Media sosial akan menjadi pedang yang membunuh jika netizen tidak cerdas, bijak, dan menggukan pola pikir dan metode wartawan. Sudah banyak korban medsos yang akhirnya dijebloskan ke penjara. Sebab, saat ini media massa yang sudah pakem, peran dan fungsinya makin tergeserkan dengan hadirnya medsos. Ironisnya, medsos tidak sekadar untuk ajang narsisme, namun sudah menjadi alat propaganda, alat kepentingan politik, bahkan menjadi wahana kejahatan, terorisme, bisnis terlarang, termasuk melemahkan organisasi sebesar NU.

Bermedsos, haruslah memperhatikan beberapa hal. Pertama, menggunakan jiwa dan pola kerja wartawan.
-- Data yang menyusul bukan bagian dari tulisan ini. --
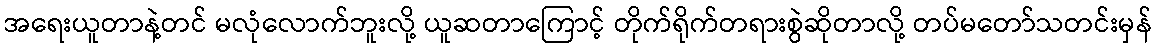
အရေးယူတာနဲ့တင် မလုံလောက်ဘူးလို့ ယူဆတာကြောင့် တိုက်ရိုက်တရားစွဲဆိုတာလို့ တပ်မတော်သတင်းမှန်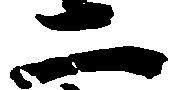
二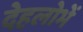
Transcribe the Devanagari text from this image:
देहलोभें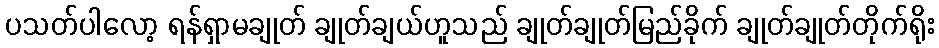
ပသတ်ပါလော့ ရန်ရှာမချုတ် ချုတ်ချယ်ဟူသည် ချုတ်ချုတ်မြည်ခိုက် ချုတ်ချုတ်တိုက်ရိုး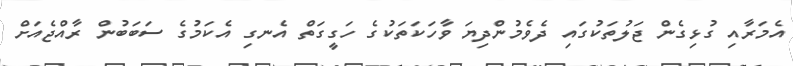
އެމަރާއި ގުޅިގެން ޖަލުތަކުގައި ދެވެމުންދިޔަ ވާހަކަތަކުގެ ހަގީގަތް އެނގި އެކަމުގެ ސަބަބުން ރާއްޖެއަށް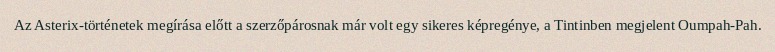
Az Asterix-történetek megírása előtt a szerzőpárosnak már volt egy sikeres képregénye, a Tintinben megjelent Oumpah-Pah.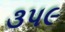
૩પ૯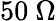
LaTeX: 50~\Omega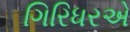
ગિરિધરએ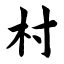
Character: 村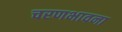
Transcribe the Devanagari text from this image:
चरणभावना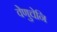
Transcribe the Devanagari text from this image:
वेणुचेनि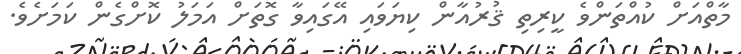
މާތްއަށް ކުއްތަންވެ ކީރިތި ޤުރުއާން ކިޔަވައި އޭގައިވާ ގޮތަށް އަމަލު ކޮށްގެން ކަމަށެވެ.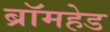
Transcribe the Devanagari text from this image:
ब्रॉमहेड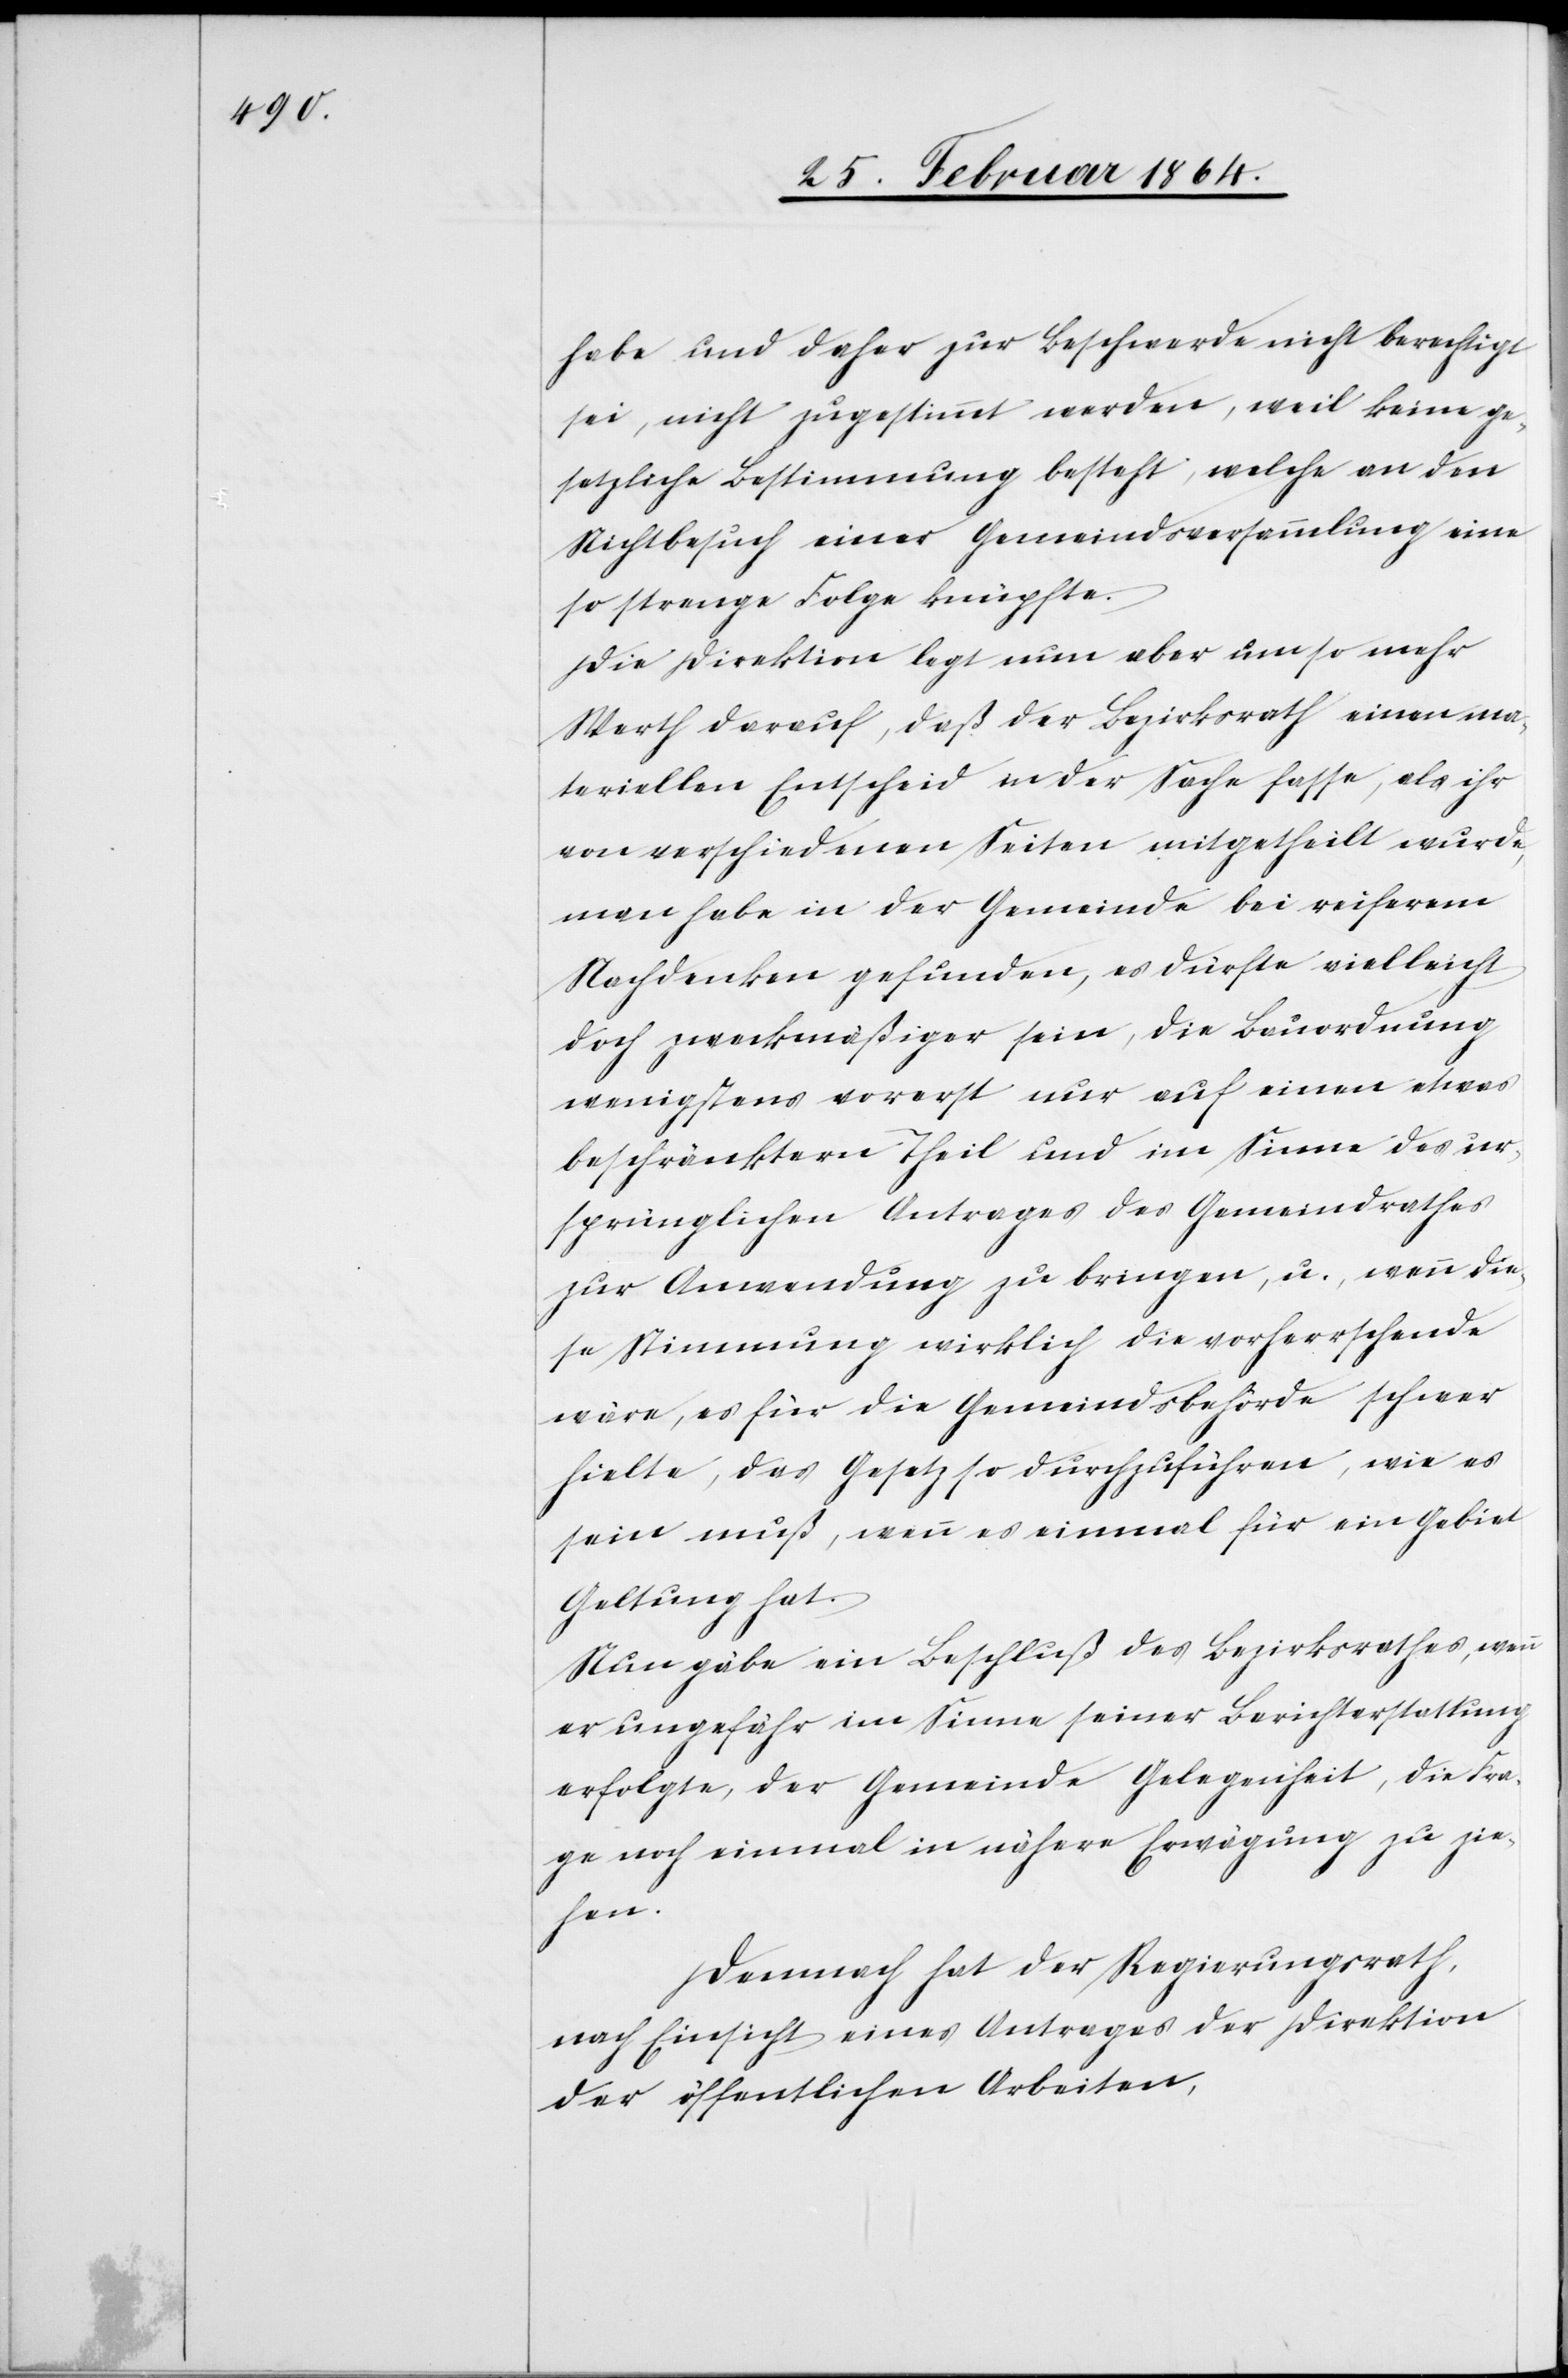
habe und daher zur Beschwerde nicht berechtigt
sei, nicht zugestimmt werden, weil keine ge¬
setzliche Bestimmung besteht, welche an den
Nichtbesuch einer Gemeindsversammlung eine
so strenge Folge knüpfte.
Die Direktion legt nun aber umso mehr
Werth darauf, daß der Bezirksrath einen ma¬
teriellen Entscheid in der Sache fasse, als ihr
von verschiedenen Seiten mitgetheilt wurde,
man habe in der Gemeinde bei reiferem
Nachdenken gefunden, es dürfte vielleicht
doch zweckmäßiger sein, die Bauordnung
wenigstens vorerst nur auf einen etwas
beschränktern Theil und im Sinne des ur¬
sprünglichen Antrages des Gemeindrathes
zur Anwendung zu bringen, u., wenn die¬
se Stimmung wirklich die vorherrschende
wäre, es für die Gemeindsbehörde schwer
hielte, das Gesetz so durchzuführen, wie es
sein muß, wenn es einmal für ein Gebiet
Geltung hat.
Nun gäbe ein Beschluß des Bezirksrathes, wenn
er ungefähr im Sinne seiner Berichterstattung
erfolgt, der Gemeinde Gelegenheit, die Fra¬
ge noch einmal in nähere Erwägung zu zie¬
hen.
Demnach hat der Regierungsrath,
nach Einsicht eines Antrages der Direktion
der öffentlichen Arbeiten,

Sebab, pola kerja netizen dan wartawan sangat berbeda. Wartawan memakai aturan dan bekerja profesional, sementara netizen asal-asalan tanpa kontrol. Di sinilah peran netizen NU harus berbeda dengan netizen umum yang rata-rata “kesurupan” jika sudah bergaya di medsos.

Emha Ainun Nadjib (2015: 87) menyebut semua orang memiliki pengetahuan tentang hidup. Tapi yang paling tahu hanya tiga, yaitu Tuhan, malaikat dan wartawan. Di dunia pers, wartawan mengetahui sesuatu di balik sesuatu dan bisa membedakan mana yang asli dan yang palsu. Dalam konteks ini, netizen NU perlu membangun jiwa wartawan dengan belajar tentang tulisan, berita, sumber kebenaran dan juga cara mendapatkan kebenaran yang metodologis, sistematis dan ilmiah.

Kedua, memiliki tanggung jawab dan kesadaran klarifikasi sebelum membagikan informasi. Di sinilah letak penting sebagai representasi “gerakan intelektual” sebagai budaya para santri dalam mengamalkan nilai-nilai Aswaja. Tabayyun tidak hanya dipakai dalam kegiatan bahtsul masa’il dan kegiatan kultural di internal NU. Justru tabayyun menjadi pisau tajam untuk menangkal hoax yang memang didesain untuk melemahkan NU sebagai organisasi besar di Indonesia. Apalagi, NU telah mengusung Islam Nusantara dan konsep hubbul wathon (cinta Tanah Air) secara istikamah. Hal itu bagi penjajah dan orang yang memusuhi dan merusak NKRI tentu sangat berbahaya. Maka melemahkan NU jadi tujuan mereka.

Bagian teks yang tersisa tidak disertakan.